Facts of the Case

The petitioner, Fab India Overseas Private Limited, challenged the order dated 28.01.2021 passed by the Transfer Pricing Officer for Assessment Year 2011–12. The petitioner had acquired the trademark “FABINDIA” from its associated enterprise, Fabindia Inc., during Financial Year 2006–07 and had been claiming depreciation on the written down value of the trademark under Section 32 of the Income-tax Act, 1961.

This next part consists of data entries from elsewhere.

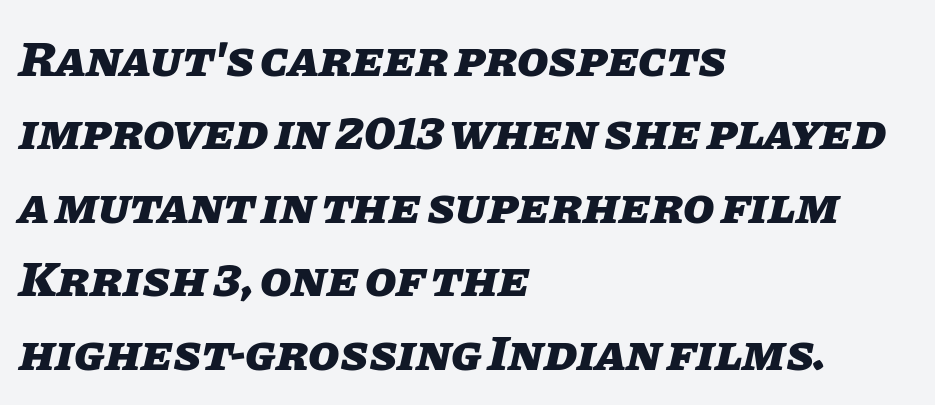
Q: Is the text bold? A: Yes.
Q: Is the text italic (slanted)? A: Yes, it leans right by about 11 degrees.
Q: Is the text underlined? A: No.
Q: How is the paragraph aligned? A: Left-aligned.
Q: Is the spacing between letters normal or unusually wide? A: Normal.
Q: Is the spacing between lines tight, normal or loose? A: Normal.
Q: Width (condensed, normal, or wide)? A: Normal.
Q: Stroke contrast? A: Low.
Q: x-height? A: Large.
Q: Monospaced? A: No.
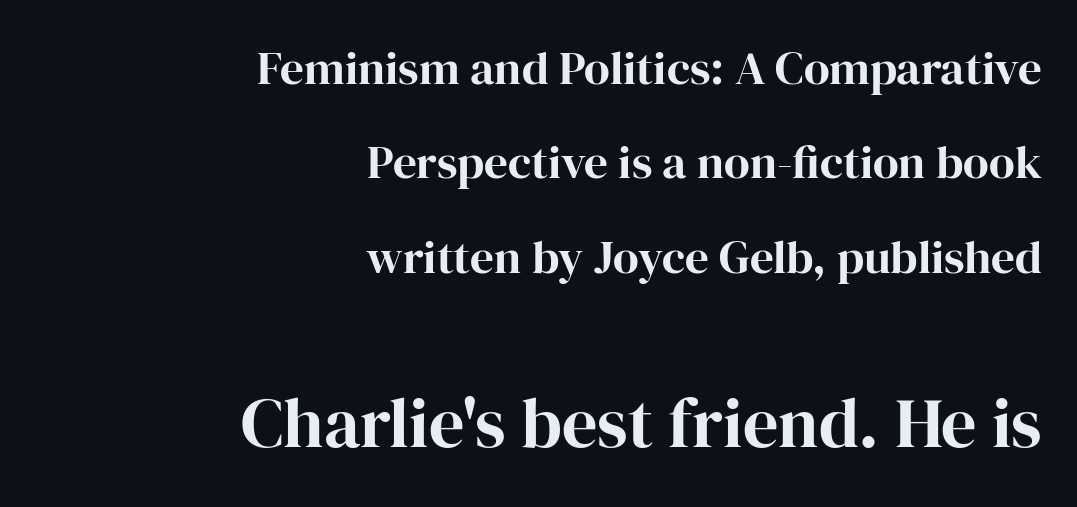
Q: Is the text italic (slanted)? A: No, it is upright.
Q: Is the typeface a serif or a sans-serif typeface? A: Serif.
Q: Is the text underlined? A: No.
Q: How is the paragraph aligned? A: Right-aligned.
Q: Is the spacing between letters normal or unusually wide? A: Normal.
Q: Is the spacing between lines tight, normal or loose? A: Loose.
Q: Which block of text is set in a larger size, the first (top) or the second (bottom)? A: The second (bottom) one.
Q: Width (condensed, normal, or wide)? A: Normal.
Q: Stroke contrast? A: High.
Q: x-height? A: Medium.
Q: Monospaced? A: No.
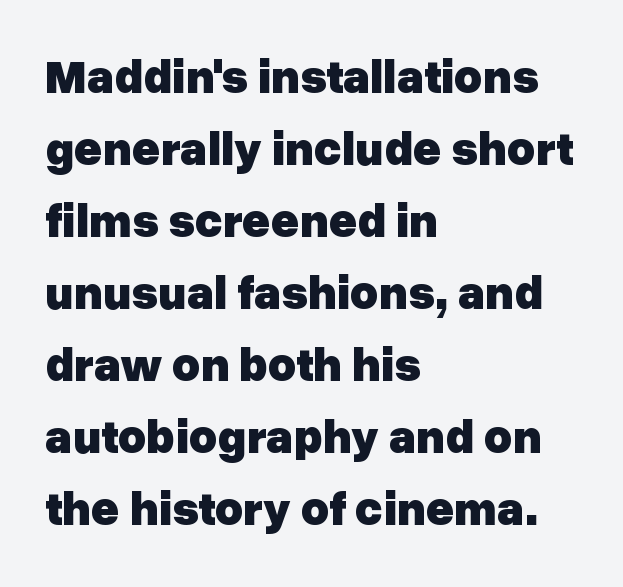
A bare baseline throughout the passage. Observe the ordinary spacing: letters are neighbours, not strangers. No feet cap the strokes, marking this as sans-serif type. Posture: upright roman. Regular leading. Note the varied advance widths — an 'i' is clearly narrower than an 'm'.
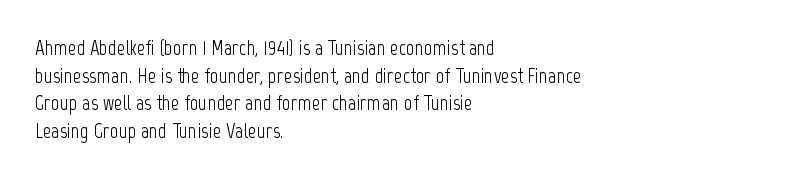
The image shows 21 px text type, upright; set left-aligned, normal line spacing (1.31x), normal letter spacing, not underlined.
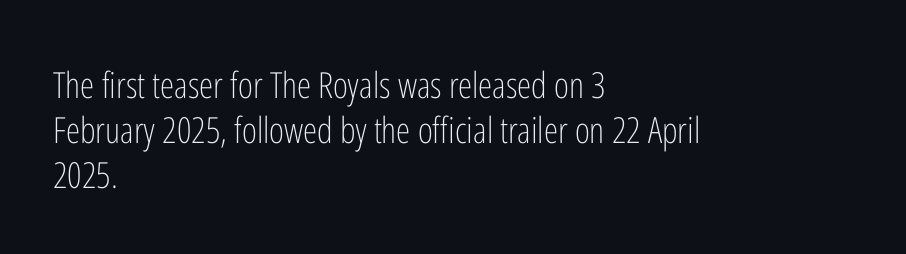
The image shows 36 px light, condensed sans-serif type, upright; set left-aligned, normal line spacing (1.25x), normal letter spacing, not underlined; low stroke contrast and a medium x-height.
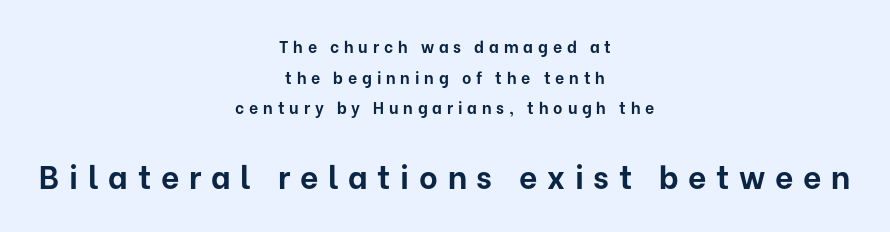
Plain, unruled lines of type. The space between consecutive lines is lavish. The glyphs in this specimen are sans serif. The following chunk of copy outweighs the initial chunk in type size. These lines carry a lot of weight — the face is fully bold. This sample is center-justified, so both line endings float freely.
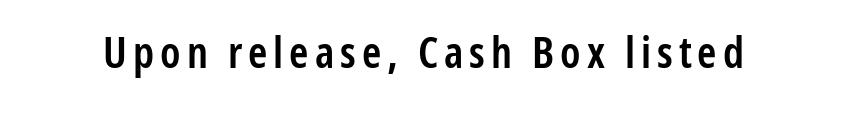
Q: Is the text bold? A: Semi-bold.
Q: Is the text italic (slanted)? A: No, it is upright.
Q: Is the typeface a serif or a sans-serif typeface? A: Sans-serif.
Q: Is the text underlined? A: No.
Q: Width (condensed, normal, or wide)? A: Condensed.
Q: Stroke contrast? A: Low.
Q: x-height? A: Medium.
Q: Monospaced? A: No.
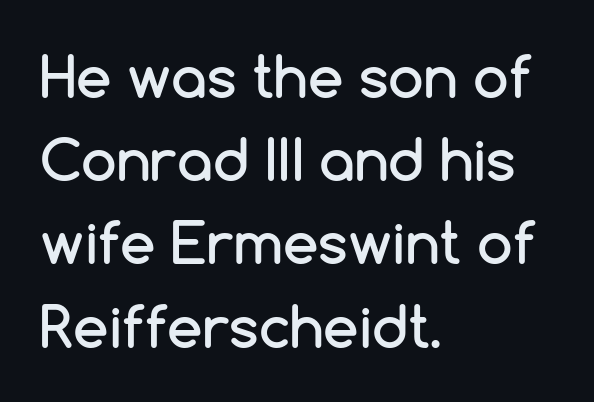
The image shows 57 px sans-serif type, upright; set left-aligned, normal line spacing (1.46x), normal letter spacing, not underlined; low stroke contrast and a medium x-height.
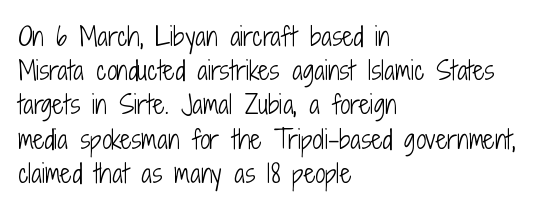
{"italic": "no", "bold": "no", "underline": "no", "align": "left", "line_spacing": "normal", "line_spacing_ratio": 1.37, "letter_spacing": "normal", "letter_spacing_em": 0.0, "glyph_px": 25}
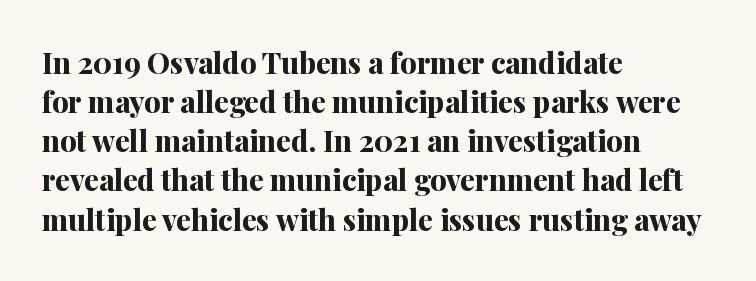
{"serif": "yes", "italic": "no", "bold": "yes", "weight": "bold", "width": "normal", "stroke_contrast": "medium", "x_height": "medium", "monospaced": "no", "underline": "no", "align": "left", "line_spacing": "normal", "line_spacing_ratio": 1.35, "letter_spacing": "normal", "letter_spacing_em": 0.0, "glyph_px": 29}
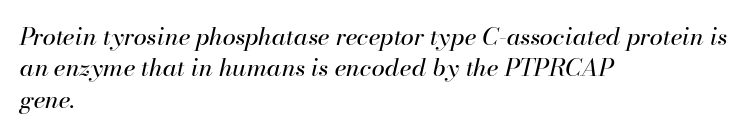
Q: Is the text bold? A: No.
Q: Is the text italic (slanted)? A: Yes, it leans right by about 13 degrees.
Q: Is the text underlined? A: No.
Q: How is the paragraph aligned? A: Left-aligned.
Q: Is the spacing between letters normal or unusually wide? A: Normal.
Q: Is the spacing between lines tight, normal or loose? A: Normal.
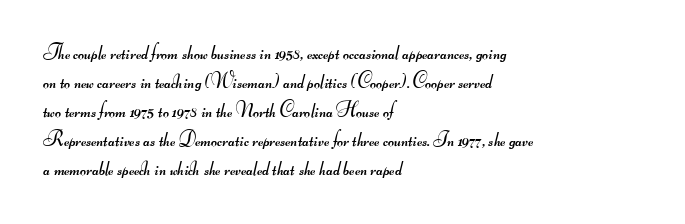
Q: Is the text bold? A: No.
Q: Is the text underlined? A: No.
Q: How is the paragraph aligned? A: Left-aligned.
Q: Is the spacing between letters normal or unusually wide? A: Normal.
Q: Is the spacing between lines tight, normal or loose? A: Normal.
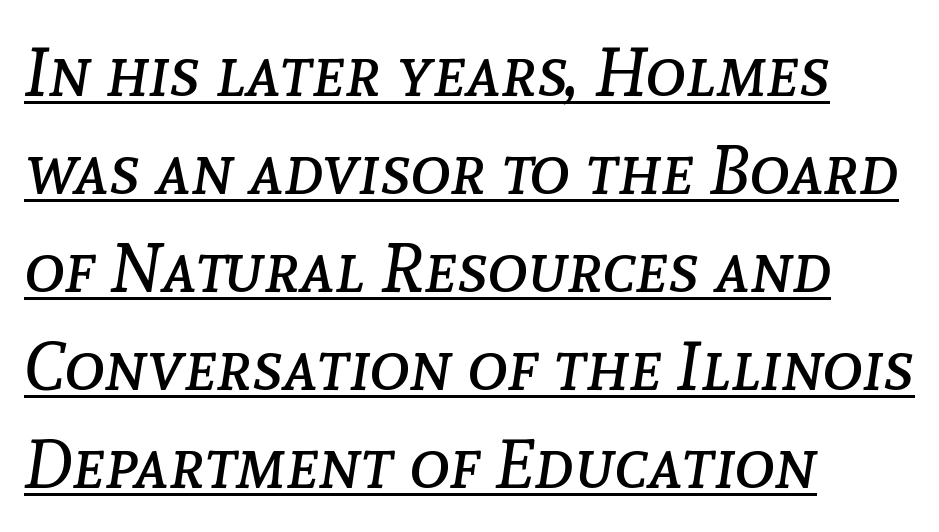
{"italic": "yes", "lean": "right", "slant_degrees": 8, "bold": "no", "weight": "regular", "width": "normal", "stroke_contrast": "low", "x_height": "medium", "monospaced": "no", "underline": "yes", "align": "left", "line_spacing": "normal", "line_spacing_ratio": 1.42, "letter_spacing": "normal", "letter_spacing_em": 0.0, "glyph_px": 69}

For AY 2011–12, the Assessing Officer disallowed depreciation by relying on an earlier TPO order for AY 2007–08, wherein the arm’s length price of the trademark acquisition was determined at Nil. The petitioner’s appeal before the CIT(A) failed, and the matter ultimately reached the ITAT, which remanded the issue for fresh examination. Pursuant to the ITAT’s remand, the AO again made a reference to the TPO for AY 2011–12, resulting in the impugned order.

Issues Involved

Whether a reference to the Transfer Pricing Officer under Section 92CA can be made in a year where no international transaction was entered into, and whether the TPO can re-determine the arm’s length price of a trademark acquired in an earlier year for the purpose of disallowing depreciation in a subsequent assessment year.

Petitioner’s Arguments

The petitioner contended that the acquisition of the trademark was a one-time transaction completed in FY 2006–07 and no international transaction was entered into during FY 2010–11 relevant to AY 2011–12. It was argued that the reference made to the TPO for AY 2011–12 was without jurisdiction and contrary to Sections 92B and 92CA of the Act. The petitioner submitted that depreciation could not be denied by re-benchmarking a concluded transaction of an earlier year.

Respondent’s Arguments

The Revenue argued that the reference to the TPO was made pursuant to the ITAT’s remand order and with proper approvals. It was contended that the TPO was justified in examining the arm’s length price to ensure that depreciation was claimed on a valid and correctly valued intangible asset.

Court Order / Findings

The Delhi High Court held that an international transaction, within the meaning of Section 92B, must be entered into during the relevant previous year for a valid reference to the TPO. The Court observed that the acquisition of the trademark in FY 2006–07 was a singular transaction and could not be treated as an international transaction for AY 2011–12.

The Court found that the Revenue had misconstrued the ITAT’s remand order. The ITAT had directed the Assessing Officer to examine the admissibility and quantum of depreciation and had not directed a fresh transfer pricing reference for AY 2011–12. Since no international transaction occurred in the relevant year, the reference made to the TPO was fundamentally flawed and without jurisdiction.

Accordingly, the Court set aside the impugned order dated 28.01.2021 passed by the TPO. However, the Court declined to issue a direct mandamus to allow depreciation and held that the Assessing Officer must consider the petitioner’s claim for depreciation afresh in accordance with the ITAT’s directions and the present judgment.

Important Clarification

The Court clarified that transfer pricing provisions cannot be invoked in a year merely because depreciation is claimed on an asset acquired in an earlier year. Arm’s length price determination must relate to the year in which the international transaction is actually entered into.

Final Outcome

The writ petition was disposed of. The Delhi High Court set aside the order dated 28.01.2021 passed by the Transfer Pricing Officer as being without jurisdiction and directed the Assessing Officer to consider the petitioner’s claim for depreciation afresh in accordance with law and the directions of the ITAT. No order as to costs was passed.